§ ACTIVITY:
Repeat each entry exactly, but do not carry over the pictures.

§ DATA UNDER STUDY:
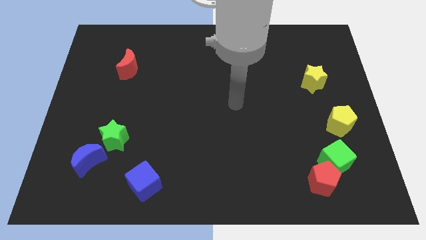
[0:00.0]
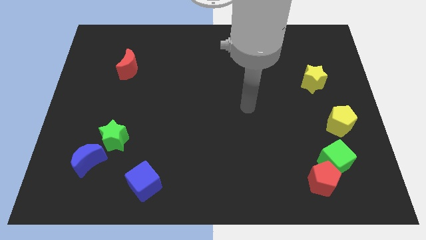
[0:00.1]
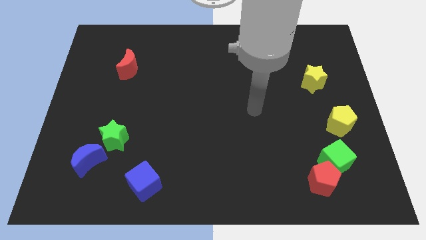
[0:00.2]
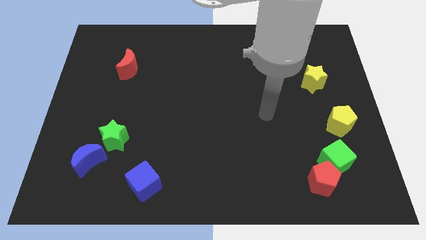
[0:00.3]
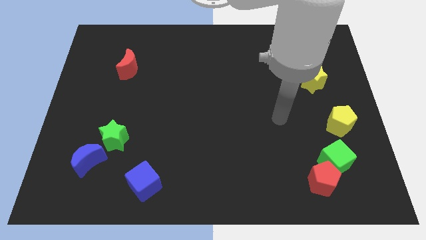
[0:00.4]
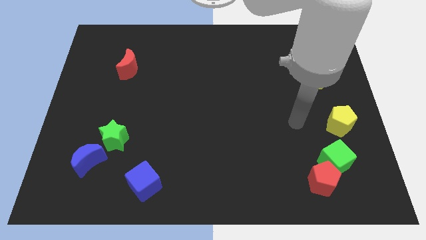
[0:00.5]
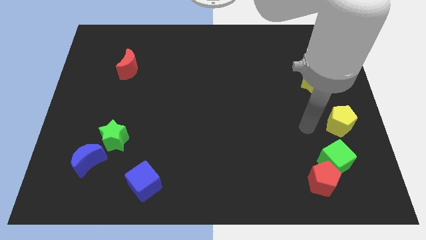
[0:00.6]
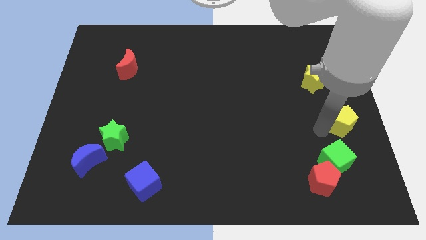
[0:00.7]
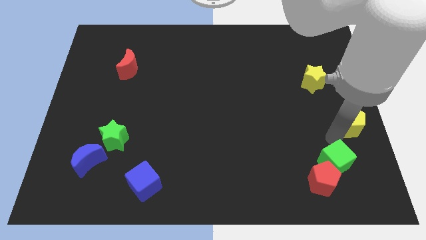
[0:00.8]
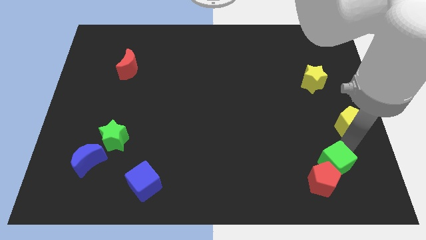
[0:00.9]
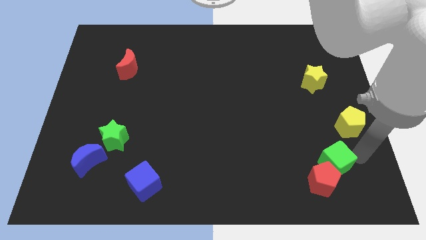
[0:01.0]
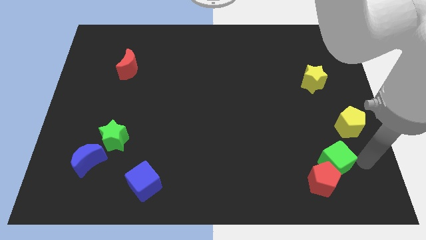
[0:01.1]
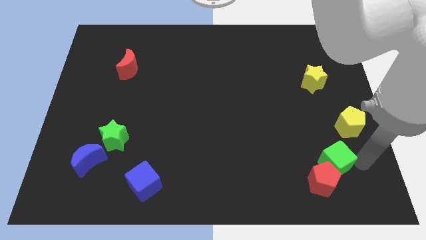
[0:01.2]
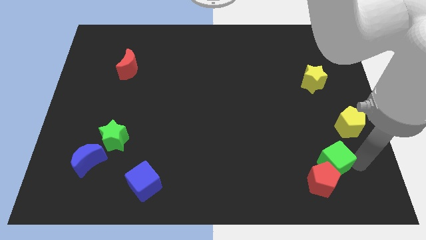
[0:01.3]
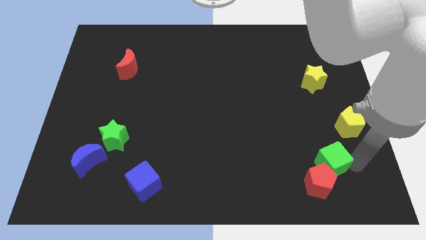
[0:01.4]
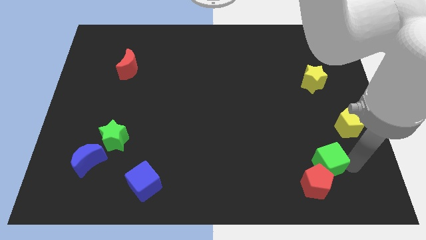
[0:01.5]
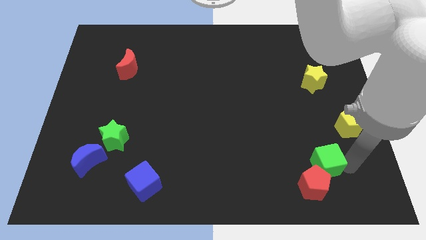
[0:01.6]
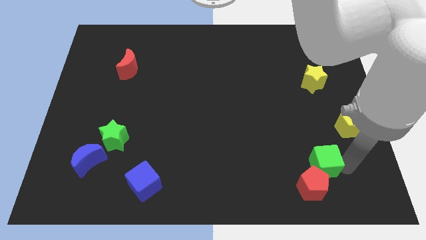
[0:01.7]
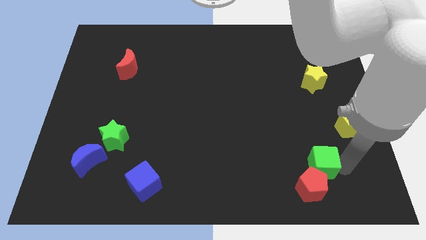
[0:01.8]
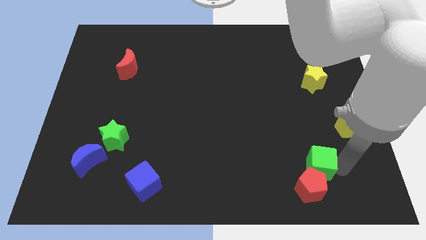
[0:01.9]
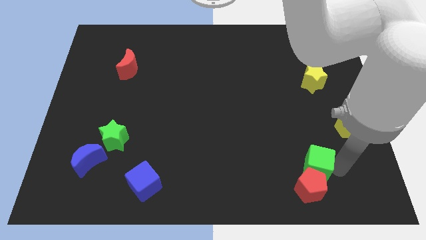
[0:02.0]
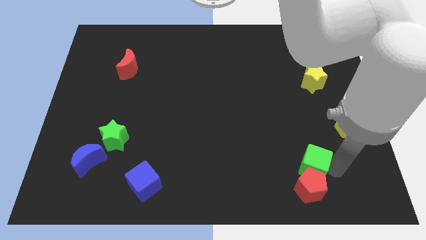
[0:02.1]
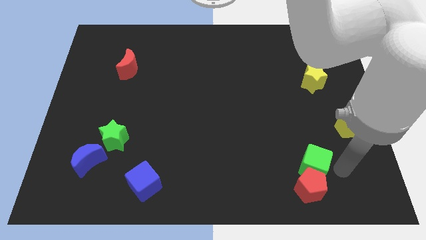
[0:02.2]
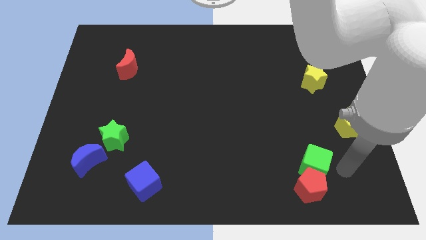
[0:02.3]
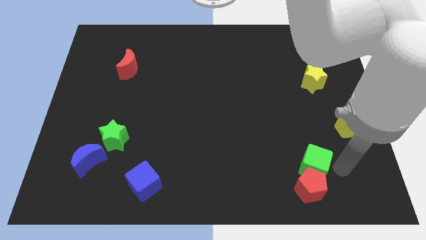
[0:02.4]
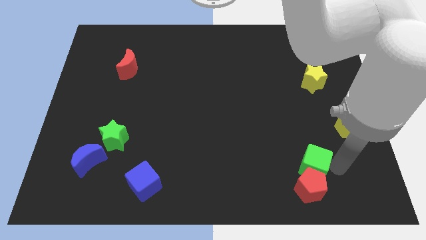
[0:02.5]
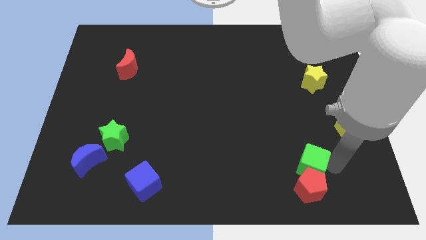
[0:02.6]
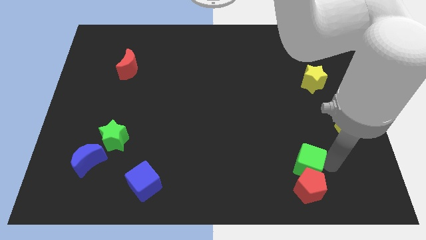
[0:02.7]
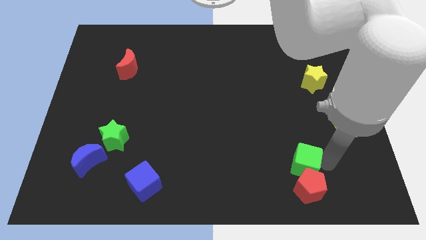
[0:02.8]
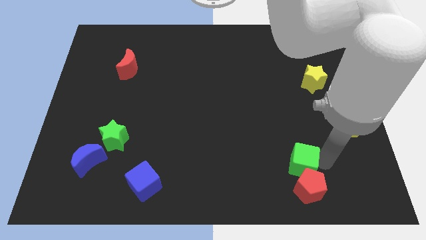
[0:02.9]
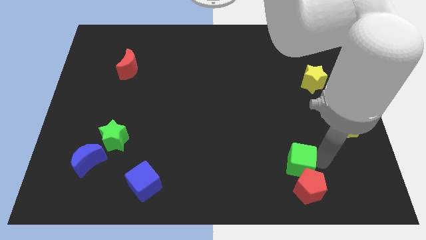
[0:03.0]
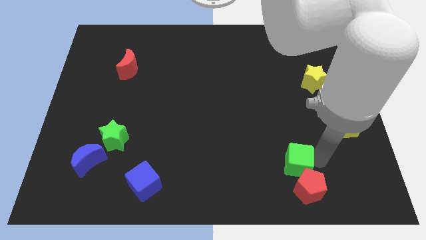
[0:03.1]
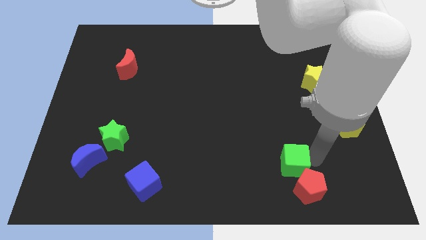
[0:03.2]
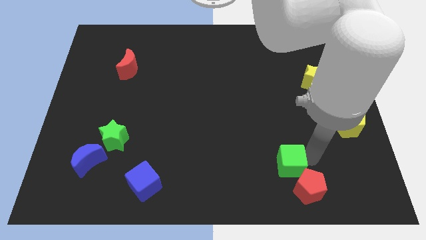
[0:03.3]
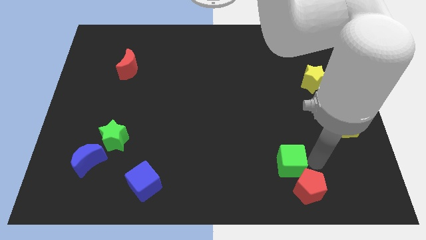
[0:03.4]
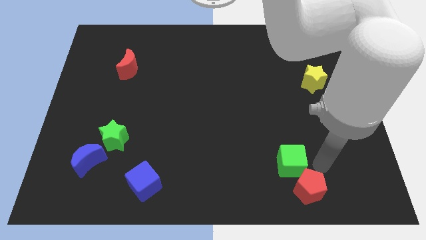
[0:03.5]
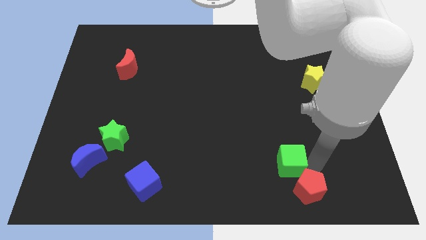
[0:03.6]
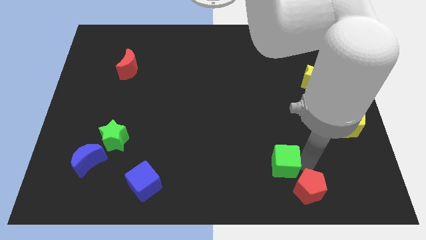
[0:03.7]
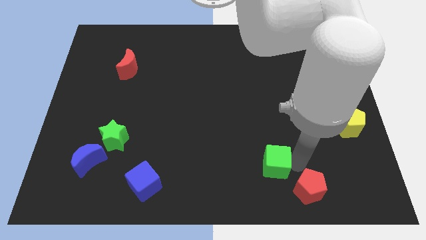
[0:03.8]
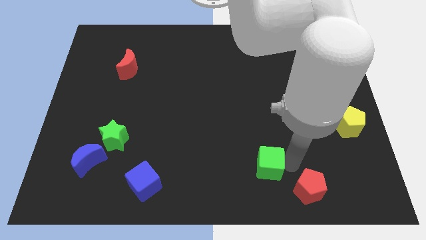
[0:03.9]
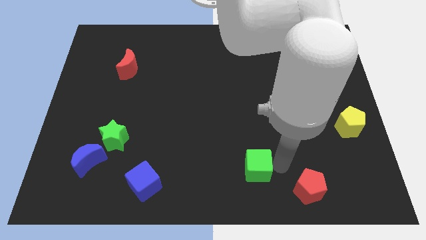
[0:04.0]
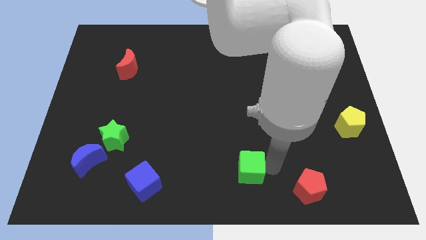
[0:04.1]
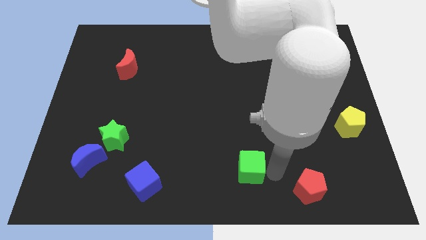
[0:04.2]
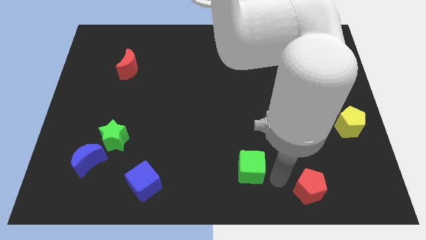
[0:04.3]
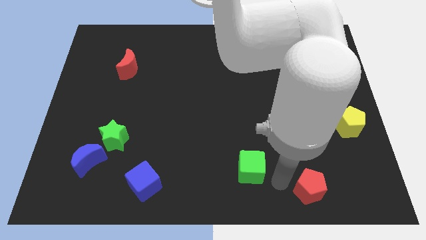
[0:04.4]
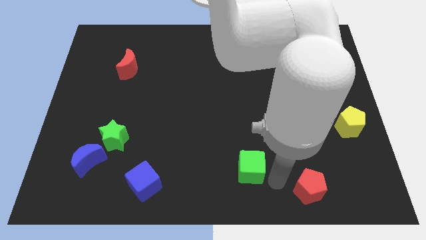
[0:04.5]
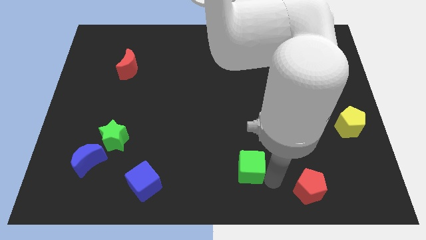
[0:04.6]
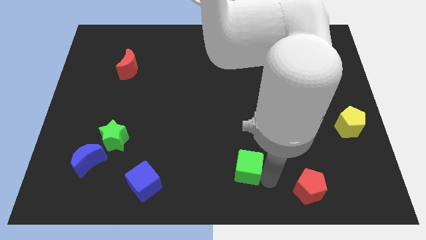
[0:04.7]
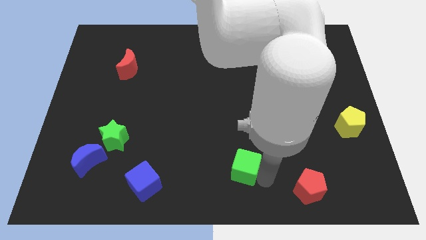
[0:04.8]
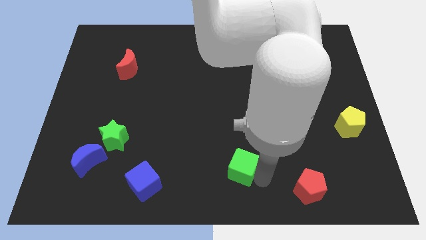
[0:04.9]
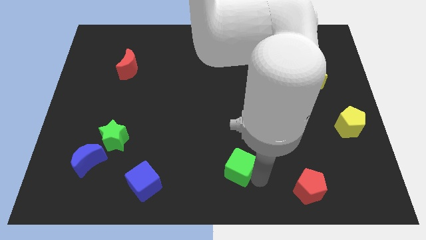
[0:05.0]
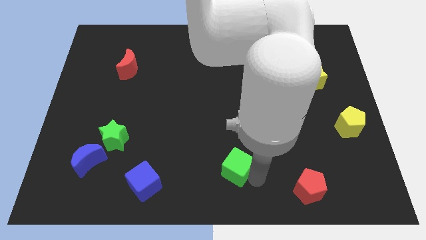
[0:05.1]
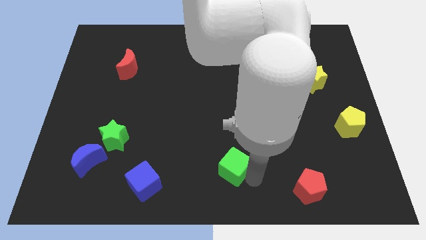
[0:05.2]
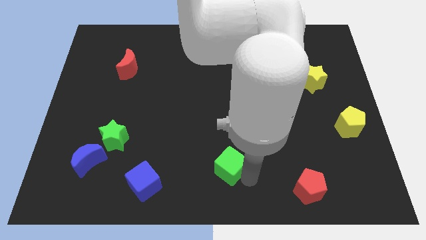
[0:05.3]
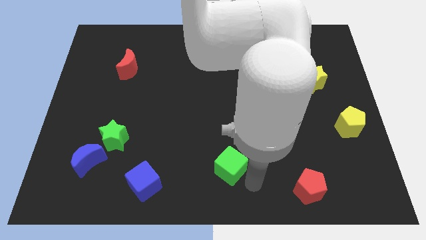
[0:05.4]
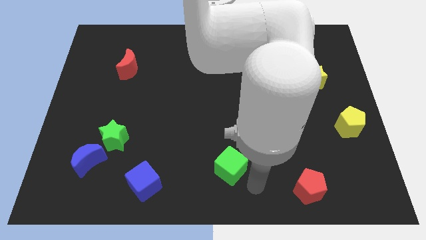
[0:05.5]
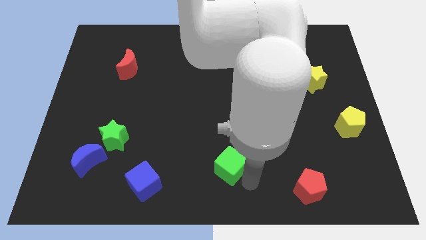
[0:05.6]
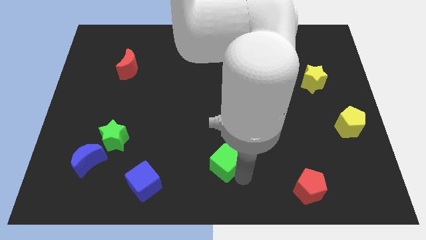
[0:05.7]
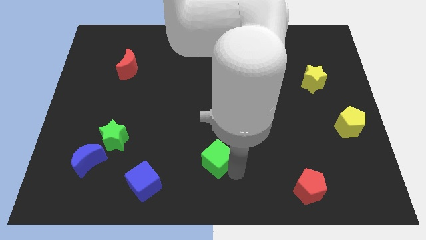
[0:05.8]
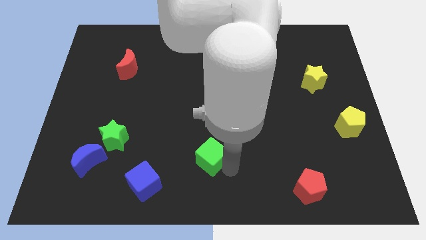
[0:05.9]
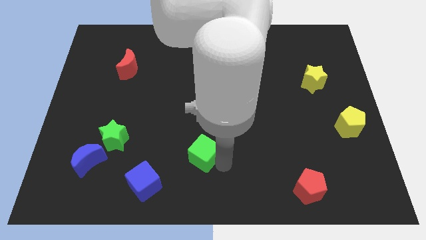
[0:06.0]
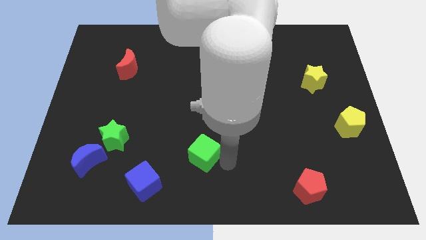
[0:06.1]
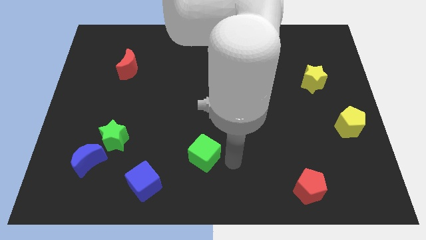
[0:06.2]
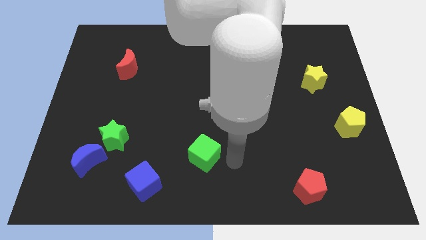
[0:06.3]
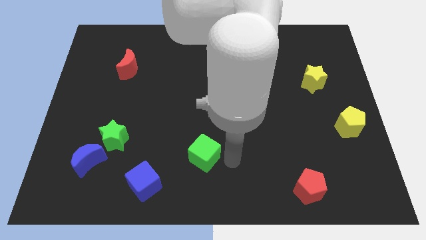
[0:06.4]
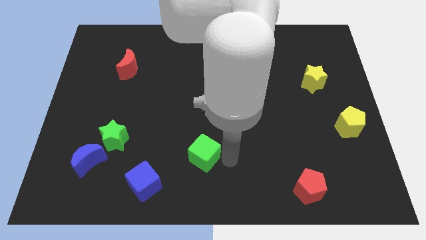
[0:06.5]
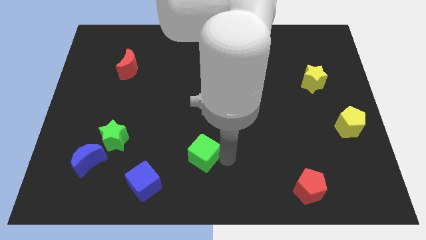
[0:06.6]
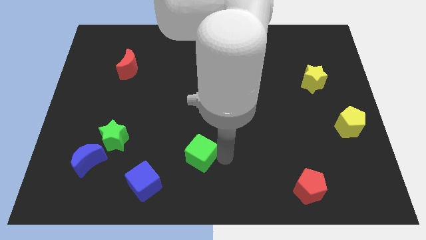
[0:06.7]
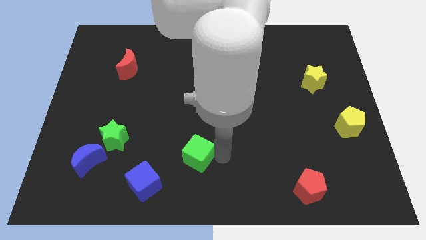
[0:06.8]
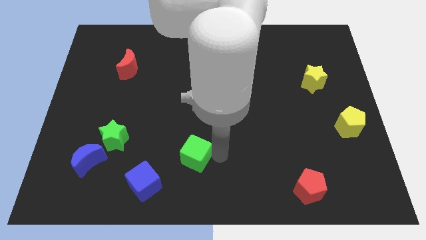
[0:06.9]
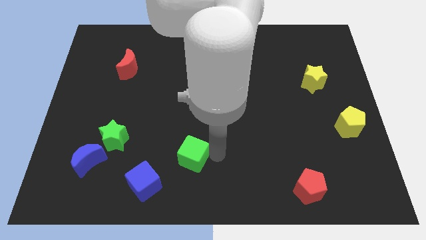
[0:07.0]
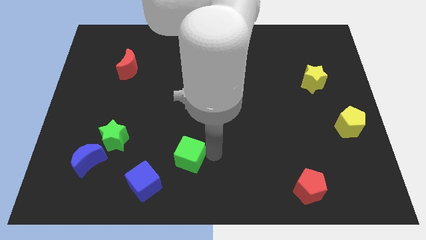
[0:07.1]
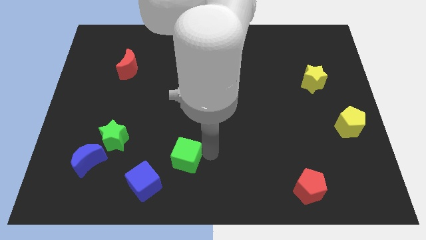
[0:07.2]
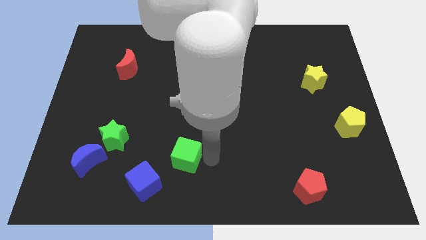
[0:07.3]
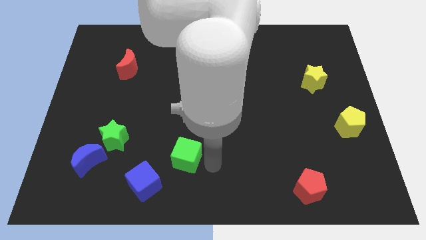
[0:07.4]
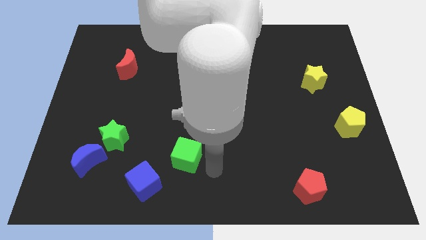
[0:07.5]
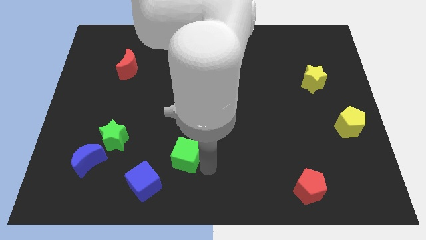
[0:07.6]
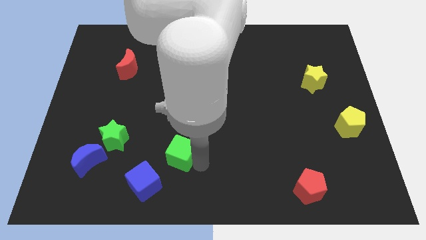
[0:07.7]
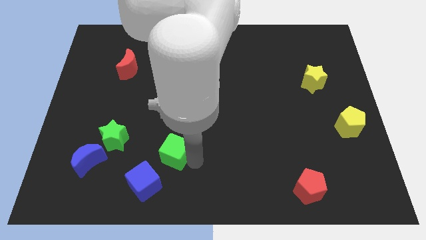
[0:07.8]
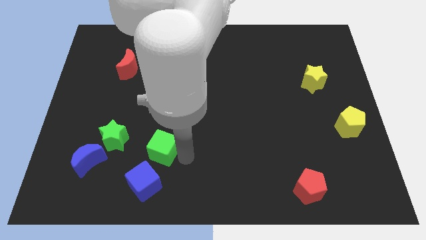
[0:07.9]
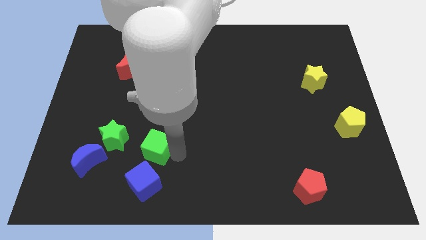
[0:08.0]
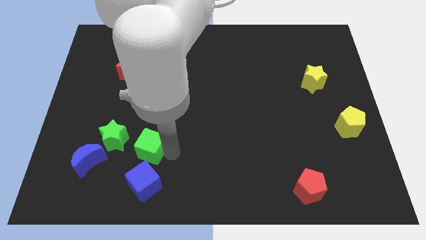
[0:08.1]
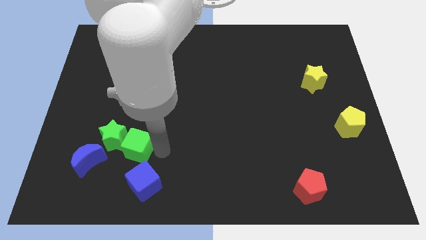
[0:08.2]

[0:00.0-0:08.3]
push the green cube towards the green star

§ RESPONSE AREA:
[0:00.0]
[0:00.1]
[0:00.2]
[0:00.3]
[0:00.4]
[0:00.5]
[0:00.6]
[0:00.7]
[0:00.8]
[0:00.9]
[0:01.0]
[0:01.1]
[0:01.2]
[0:01.3]
[0:01.4]
[0:01.5]
[0:01.6]
[0:01.7]
[0:01.8]
[0:01.9]
[0:02.0]
[0:02.1]
[0:02.2]
[0:02.3]
[0:02.4]
[0:02.5]
[0:02.6]
[0:02.7]
[0:02.8]
[0:02.9]
[0:03.0]
[0:03.1]
[0:03.2]
[0:03.3]
[0:03.4]
[0:03.5]
[0:03.6]
[0:03.7]
[0:03.8]
[0:03.9]
[0:04.0]
[0:04.1]
[0:04.2]
[0:04.3]
[0:04.4]
[0:04.5]
[0:04.6]
[0:04.7]
[0:04.8]
[0:04.9]
[0:05.0]
[0:05.1]
[0:05.2]
[0:05.3]
[0:05.4]
[0:05.5]
[0:05.6]
[0:05.7]
[0:05.8]
[0:05.9]
[0:06.0]
[0:06.1]
[0:06.2]
[0:06.3]
[0:06.4]
[0:06.5]
[0:06.6]
[0:06.7]
[0:06.8]
[0:06.9]
[0:07.0]
[0:07.1]
[0:07.2]
[0:07.3]
[0:07.4]
[0:07.5]
[0:07.6]
[0:07.7]
[0:07.8]
[0:07.9]
[0:08.0]
[0:08.1]
[0:08.2]

[0:00.0-0:08.3]
push the green cube towards the green star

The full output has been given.